Moment difficile pour la défense, au procès du Mediator. Le fondateur de la revue Prescrire a décrit à la barre les méthodes du laboratoire Servier, accusé d’avoir dissimulé la nature du médicament. Il a également accablé l’agence du médicament et les médecins prescripteurs.

Gilles Bardelay, 72 ans, fondateur de la revue médicale "Prescrire", a témoigné au procès fleuve du Mediator.
Gilles Bardelay, 72 ans, fondateur de la revue médicale "Prescrire", a témoigné au procès fleuve du Mediator. © Maxppp / Gérard Silvère

"Je suis un vieux gauchiste" s’exclame à la barre Gilles Bardelay, 72 ans, cheveux blancs, pull marron sur jean bordeaux, et verbe fleuri. Médecin généraliste, il a fondé avec sa femme Danielle, pharmacienne rencontrée sur les bancs de la fac, la revue "Pratiques". Dans la foulée de mai 68, ils veulent révolutionner l’information sur le médicament, en lançant la première revue indépendante sur le sujet. Elle prend le nom de "Prescrire" en 1981.

Dès 1977, Gilles Bardelay écrit que le Mediator, dont le procès fleuve se déroule au tribunal de Paris, et mis en vente l’année précédente, n’a aucune utilité démontrée. Prescrire publiera ensuite des dizaines d’articles sur le sujet, en 86, 90, 97, 2005, 2011… Pour pointer l’absence d’intérêt thérapeutique du médicament, souligner sa parenté avec les amphétamines, réclamer son déremboursement, puis relayer les premières alertes, dans l’indifférence de l’agence du médicament (l’Afssaps, à l’époque).

L'agence du médicament "peureuse" face à Servier

Invité par le tribunal à analyser les raisons du scandale du Mediator, accusé d'avoir causé entre 500 et 2000 morts, et qui n’a été retiré du marché qu’en 2009, le médecin, retraité depuis 2007, y va à la sulfateuse. La méthode Servier ? "C’est la falsification, la demi-vérité, ou le mensonge par omission. Les études cliniques ? Presque rien. Les essais ? Y en a pas. C’est du marketing qui s’appuie sur l’imaginaire, pour essayer d'orienter la pensée du prescripteur vers un mirage biologique." Il rappelle aussi comment Servier a déployé, dans les années 80, de jeunes visiteuses médicales dans les cabinets des médecins : "C’était extraordinaire, on n’avait jamais vu ça !"

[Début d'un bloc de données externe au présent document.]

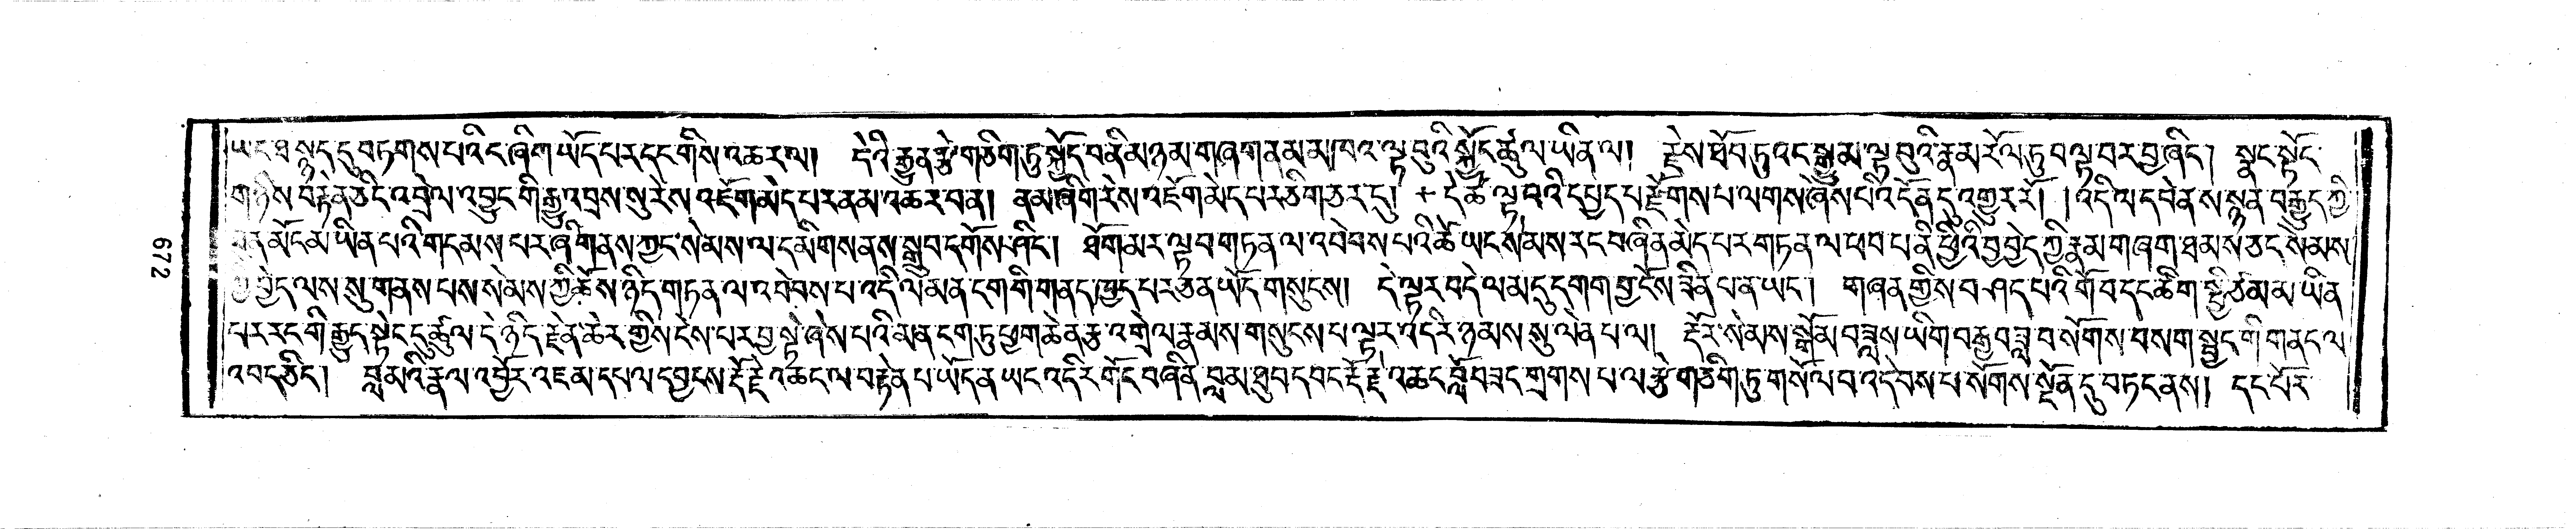ཡང་ཐ་སྙད་དུ་བཏགས་པའི་ང་ཞིག་ཡོད་པར་དང་གིས་འཆར་ལ། དེའི་རྒྱུན་རྩེ་གཅིག་ཏུ་སྐྱོད་བ་ནི་མཉམ་གཞག་ནམ་མཁའ་ལྟ་བུའི་སྐྱོང་ཚུལ་ཡིན་ལ། རྗེས་ཐོབ་ཏུའང་སྒྱུ་མ་ལྟ་བུའི་རྣམ་རོལ་ཏུ་བལྟ་བར་བྱ་ཞིང་། སྣང་སྟོང་
གཉིས་བརྟེན་ཅིང་འབྲེལ་འབྱུང་གི་རྒྱུ་འབྲས་སུ་རེས་འཇོག་མེད་པར་ནམ་འཆར་བ་ན། ནམ་ཞིག་རེས་འཇོག་མེད་པར་ཅིག་ཅར་དུ། +་དེ་ཚེ་ལྟ་བའི་དཔྱད་པ་རྫོགས་པ་ལགས་ཞེས་པའི་དོན་དུ་འགྱུར་རོ། །འདི་ལ་དབེན་ས་སྙན་བརྒྱུད་ཀྱི་
ཐུན་མོང་མ་ཡིན་པའི་གདམས་པར་ཞི་གནས་ཀྱང་སེམས་ལ་དམིགས་ནས་སྒྲུབ་དགོས་ཤིང་། ཐོག་མར་ལྟ་བ་གཏན་ལ་འབེབས་པའི་ཚེ་ཡང་སེམས་རང་བཞིན་མེད་པར་གཏན་ལ་ཕབ་པ་ནི་ཕྱིའི་བྱ་བྱེད་ཀྱི་རྣམ་གཞག་ཐམས་ཅད་སེམས་
ཀྱི་བྱེད་ལས་སུ་གནས་པས་སེམས་ཀྱི་ཆོས་ཉིད་གཏན་ལ་འབེབས་པ་འདི་ལ་མན་ངག་གི་གནད་ཁྱད་པར་ཅན་ཡོད་གསུངས། དེ་ལྟར་བདེ་ལམ་དུ་དགག་བྱ་ངོས་ཟིན་པ་ན་ཡང་། གཞན་གྱིས་བཤད་པའི་གོ་བ་དང་ཚིག་སྦྱི་ཙམ་མ་ཡིན་
པར་རང་གི་རྒྱུད་སྟེང་དུ་ཚུལ་དེ་ཉིད་རྗེན་ཆེར་གྱིས་ངེས་པར་བྱ་སྟེ་ཞེས་པའི་མན་ངག་ཏུ་ཕྱག་ཆེན་རྩ་འགྲེལ་རྣམས་གསུངས་པ་ལྟར་འདིར་ཉམས་སུ་ལེན་པ་ལ། རྡོར་སེམས་སྒོམ་བཟླས་ཡིག་བརྒྱ་བཟླ་བ་སོགས་བསག་སྦྱང་གི་གནང་ལ་
འབད་ཅིང་། བླ་མའི་རྣལ་འབྱོར་འཇམ་དཔལ་དབྱངས་རྡོ་རྗེ་འཆང་ལ་བརྟེན་པ་ཡོད་ན་ཡང་འདིར་གོང་བཞིན་བླ་མ་ཐུབ་དབང་རྡོ་རྗེ་འཆང་བློ་བཟང་གྲགས་པ་ལ་རྩེ་གཅིག་ཏུ་གསོལ་བ་འདེབས་པ་སོགས་སྔོན་དུ་བཏང་ནས། དང་པོར་

"Les médecins irresponsables qui ne se forment pas, pardonnez-moi, mais ils méritent des coups de pied au cul"

Les agences du médicament, française comme européenne, ne sont pas épargnées. L’Afssaps est qualifiée de "ventre mou", de "peureuse". Par manque d'expertise en interne, il pointe les liens forcés avec l'industrie, l’habitude prise de négocier avec les laboratoires, plutôt que de protéger les malades. Pourtant, selon Gilles Bardelay, l’information était là. "Même si Servier fournit 1000 études, si on les lit avec un peu de jugeotte, on s’en rend compte" dit-il, avant de tacler ses confrères qui ont prescrit le Mediator pendant 30 ans : "Les médecins irresponsables qui ne se forment pas, pardonnez-moi, mais ils méritent des coups de pied au cul."

Une revue essentielle à l'éclatement de l'affaire

Aujourd’hui, la revue Prescrire compte 30.000 abonnés, qui la financent entièrement. Elle en avait 20.000, avant le scandale du Mediator. C’est en lisant Prescrire en 2006, qu’Irène Frachon, la pneumologue de Brest à l'origine de l'éclatement de l'affaire, a été alertée sur la nature du médicament. Des dizaines de médecins ont écrit à la revue pour la remercier : grâce à Prescrire, ils n’ont pas prescrit de Mediator. Mais au-delà de la revue, le médecin plaide pour une meilleure formation. "Quand j’étais étudiant, pour payer mes études, j’étais maître-nageur. Tous les 5 ans, ils doivent se former. J’aimerais bien qu’il en soit de même pour les médecins."

Face à un tel témoin, le rôle de la défense n’est pas simple. François De Castro, avocat des laboratoires Servier, tente : "Savez-vous que c’est grâce à une étude menée par Servier que le Mediator est retiré en 2009 ?" La réponse fuse : "Vous vous rendez compte de ce que vous dites ? Vous auriez dû le faire beaucoup plus tôt, encore mieux, ne pas le commercialiser du tout". Cinglant.